Since I proved incapable of being objective, I decided to seek help from a neurologist. I targeted the office of a medical building with a neurologist signpost. Upon entry, two older women were in an open room behind a glass window screen. Both looked up as I approached. The woman directly behind the window attended to me, while the other glimpsed around but continued to attend to the printer machine. No doubt, she was eavesdropping on the ensued dialogue. “How can I help you?” the receptionist asked. “I need to see a neurologist. I have this sharp pain that shoots from my fourth and fifth finger to my elbow, and I would like to see the neurologist,” I replied. After shaking her head sideways a few times, she asked me about my insurance, and I told her I had Anthem Blue Cross Blue Shield. “Card please,” demanded the receptionist as she retrieved and opened her appointment notebook. Of course, I brought the wrong card for which I was reprimanded, but she still tried to schedule me to see the neurologist. Flipping the pages of the appointment book back and forth, the receptionist firmly announced, "I do not have an appointment available until the end of November 2021,” which was 45 days out. “The doctor wouldn't see you for 45 days,” she emphasized.

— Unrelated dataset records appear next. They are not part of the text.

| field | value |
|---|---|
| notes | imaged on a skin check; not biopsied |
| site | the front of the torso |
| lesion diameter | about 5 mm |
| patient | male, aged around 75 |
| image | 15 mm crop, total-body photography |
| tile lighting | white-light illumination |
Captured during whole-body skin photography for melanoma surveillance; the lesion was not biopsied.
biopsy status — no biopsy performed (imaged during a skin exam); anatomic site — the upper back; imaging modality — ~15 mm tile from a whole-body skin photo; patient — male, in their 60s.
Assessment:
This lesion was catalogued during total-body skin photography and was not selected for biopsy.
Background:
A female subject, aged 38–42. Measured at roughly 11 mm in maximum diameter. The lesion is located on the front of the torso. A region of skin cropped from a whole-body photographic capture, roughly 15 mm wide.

Standing next to the window, I thought, what would happen in 45 days? If I suffer from a precarious condition that needs urgent diagnosis, 45 days seemed too long to wait with no precise diagnosis. I wanted to ask the receptionist, “Shouldn't you at least run my symptoms by the neurologist to decide whether it is safe for me to be seen in 45 days, right now, or within a week?” But instead, I was frozen from thinking about what the long wait could mean to my health. Then, a middle-aged man dressed in a white coat with the prongs of a green-colored stethoscope clasping his neck came into view behind the women. Most likely, he had overhead my symptoms, and as physicians do, emerged from seclusion to assess whether I was about to die. He did not look like someone overwhelmed with clinical work. So, what did he do now that he was out in the open after seeing my face and hearing my complaint made in the most solemn voice possible? I had hoped for him to intervene and overrule the elderly receptionist. But he seemed to be tiptoeing around them like many medical practitioners nowadays. His mouth opened but shut rapidly when the receptionist stared him down.

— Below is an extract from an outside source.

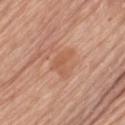Captured during whole-body skin photography for melanoma surveillance; the lesion was not biopsied. A female subject, aged around 75. Captured under white-light illumination. A 15 mm close-up extracted from a 3D total-body photography capture. The lesion is located on the left thigh.

"Guts, doctor, have some guts,” I thought to myself. “Talk to me and relieve my fears or intervene to get me on the schedule quickly." None of my wishes came through, however, and the neurologist escaped.

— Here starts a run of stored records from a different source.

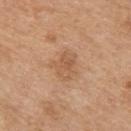No biopsy was performed on this lesion — it was imaged during a full skin examination and was not determined to be concerning.
A lesion tile, about 15 mm wide, cut from a 3D total-body photograph.
The lesion is on the arm.
About 3.5 mm across.
The patient is a male aged around 70.
Captured under white-light illumination.
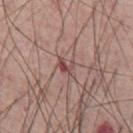Captured during whole-body skin photography for melanoma surveillance; the lesion was not biopsied. Imaged with white-light lighting. A male subject aged around 55. Longest diameter approximately 2.5 mm. The lesion is located on the front of the torso. Automated image analysis of the tile measured an area of roughly 3.5 mm² and a shape eccentricity near 0.7. The software also gave an average lesion color of about L≈49 a*≈21 b*≈20 (CIELAB), about 9 CIELAB-L* units darker than the surrounding skin, and a lesion-to-skin contrast of about 7 (normalized; higher = more distinct). The software also gave a classifier nevus-likeness of about 0/100. A roughly 15 mm field-of-view crop from a total-body skin photograph.

This encounter reaffirmed my belief about how physicians are quickly losing control of patient care. Since healthcare delivery steps in many parts of the world have become hyper-partitioned, clinicians frequently miss what is coming down the scheduling pike. Thus, inexperienced front desk receptionists or other "gatekeepers" in the healthcare delivery system could jeopardize patients' lives and wreak havoc on patient experiences and timely care delivery.

Needless to say, I located another practice and neurologist who was eager and willing to help troubleshoot the cause of my pins and needles sensation. My condition said the new neurologist is probably an Ulnar nerve entrapment (cubital tunnel syndrome).